Large hearted, liberal minded, whole souled in his devotion to his art and its true interests, Franz Liszt seemed wholly without personal jealousies, and befriended and brought into public notice a large number of artists. Hector Berlioz declared that to him belonged "the sincere admiration of earnest minds, as well as the involuntary homage of the envious." At the opening of the Baireuth Temple of German Art, in 1876, Richard Wagner paid him this tribute in the midst of a joyful company: "Here is one who first gave me faith in my work when no one knew anything of me. But for him, my dear friend, Franz Liszt, you might not have had a note from me to-day."
A rival of Liszt in the concert field, especially before a Parisian public, was Sigismund Thalberg (1812-1871), who visited this country in 1855 and literally popularized the piano in America. Alfred Jaell and Henri Herz, who had preceded him, doubtless prepared the way for his triumphs. He and the "Creole Chopin," Louis Moreau Gottschalk, attracted much attention by several joint appearances in our musical centres of the time. Thalberg was a pupil of Hummel, and felt the influence of his teacher's cold, severely classic style. He possessed a well-trained, fascinating mechanism, with scales, chords, arpeggios and octaves that were marvels of neatness and accuracy, and a tone that was mellow and liquid, though lacking in warmth. His operatic transcriptions, in which a central melody is enfolded in arabesques, chords and running passages, have long since become antiquated, but his art of singing on the piano and many of his original studies still remain valuable to the pianist.
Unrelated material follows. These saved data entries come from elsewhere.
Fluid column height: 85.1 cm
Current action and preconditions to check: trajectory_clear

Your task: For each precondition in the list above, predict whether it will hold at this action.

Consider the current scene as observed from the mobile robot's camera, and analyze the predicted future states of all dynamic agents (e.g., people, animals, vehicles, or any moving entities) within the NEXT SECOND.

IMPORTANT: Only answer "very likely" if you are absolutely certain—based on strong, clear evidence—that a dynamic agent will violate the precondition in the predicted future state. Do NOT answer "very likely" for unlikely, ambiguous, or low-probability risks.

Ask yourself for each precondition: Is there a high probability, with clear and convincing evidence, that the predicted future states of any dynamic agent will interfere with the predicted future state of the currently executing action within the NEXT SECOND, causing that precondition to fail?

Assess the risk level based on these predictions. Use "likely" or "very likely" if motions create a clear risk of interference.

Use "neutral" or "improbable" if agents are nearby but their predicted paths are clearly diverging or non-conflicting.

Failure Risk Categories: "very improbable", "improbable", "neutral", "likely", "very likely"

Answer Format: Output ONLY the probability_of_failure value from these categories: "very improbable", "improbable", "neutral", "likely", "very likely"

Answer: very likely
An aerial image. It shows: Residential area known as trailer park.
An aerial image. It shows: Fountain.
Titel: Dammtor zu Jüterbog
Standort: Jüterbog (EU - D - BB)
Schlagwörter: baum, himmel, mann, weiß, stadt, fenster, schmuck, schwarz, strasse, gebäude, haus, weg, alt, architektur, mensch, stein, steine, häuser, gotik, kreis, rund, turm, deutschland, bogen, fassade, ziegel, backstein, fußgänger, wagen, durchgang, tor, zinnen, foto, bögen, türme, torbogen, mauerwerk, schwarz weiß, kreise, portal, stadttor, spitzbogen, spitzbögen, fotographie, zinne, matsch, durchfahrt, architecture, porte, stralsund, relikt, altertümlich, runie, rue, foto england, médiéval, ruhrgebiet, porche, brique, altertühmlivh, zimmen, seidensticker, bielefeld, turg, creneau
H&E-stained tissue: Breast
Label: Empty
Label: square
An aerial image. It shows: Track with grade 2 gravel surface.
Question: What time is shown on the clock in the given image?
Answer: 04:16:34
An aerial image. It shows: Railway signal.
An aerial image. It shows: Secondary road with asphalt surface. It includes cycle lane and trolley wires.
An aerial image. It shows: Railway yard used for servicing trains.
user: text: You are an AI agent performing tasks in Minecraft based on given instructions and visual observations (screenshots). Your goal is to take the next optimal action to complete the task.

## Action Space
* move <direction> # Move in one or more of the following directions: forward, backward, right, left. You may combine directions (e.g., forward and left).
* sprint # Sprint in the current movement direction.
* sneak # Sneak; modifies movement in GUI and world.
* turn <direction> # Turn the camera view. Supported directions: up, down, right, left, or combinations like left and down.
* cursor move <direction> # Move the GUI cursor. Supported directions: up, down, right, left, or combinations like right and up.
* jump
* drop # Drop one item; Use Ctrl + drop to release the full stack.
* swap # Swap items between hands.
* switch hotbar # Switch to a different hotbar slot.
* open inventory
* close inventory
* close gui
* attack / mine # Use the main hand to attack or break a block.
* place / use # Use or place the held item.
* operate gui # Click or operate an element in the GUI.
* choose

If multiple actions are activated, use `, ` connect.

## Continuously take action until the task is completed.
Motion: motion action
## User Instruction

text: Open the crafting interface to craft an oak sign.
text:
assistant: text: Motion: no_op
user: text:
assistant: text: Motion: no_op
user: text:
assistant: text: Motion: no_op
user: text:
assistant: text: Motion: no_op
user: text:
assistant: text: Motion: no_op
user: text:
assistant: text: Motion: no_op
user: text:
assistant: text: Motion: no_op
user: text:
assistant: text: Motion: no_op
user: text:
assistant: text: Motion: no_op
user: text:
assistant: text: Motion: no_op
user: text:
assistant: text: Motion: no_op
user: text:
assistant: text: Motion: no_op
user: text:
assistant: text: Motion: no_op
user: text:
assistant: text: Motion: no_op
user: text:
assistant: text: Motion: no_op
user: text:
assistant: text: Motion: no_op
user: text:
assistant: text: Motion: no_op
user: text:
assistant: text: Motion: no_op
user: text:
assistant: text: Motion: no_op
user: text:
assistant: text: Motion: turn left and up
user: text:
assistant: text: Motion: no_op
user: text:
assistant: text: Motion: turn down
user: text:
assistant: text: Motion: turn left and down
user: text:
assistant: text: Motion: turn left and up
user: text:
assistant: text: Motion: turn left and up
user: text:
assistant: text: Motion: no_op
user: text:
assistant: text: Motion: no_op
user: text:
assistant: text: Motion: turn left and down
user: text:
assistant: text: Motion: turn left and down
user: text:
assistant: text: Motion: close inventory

When Liszt and Thalberg were in possession of the concert platform, they occupied the attention of cartoonists as fully as Paderewski at a later date. Liszt, his hair floating wildly, was represented as darting through the air on wide-stretched pinions with keyboards attached—a play on Flügel, the German for grand piano. Thalberg, owing to his dignified repose, was caricatured as posing in a stiff, rigid manner before a box of keys.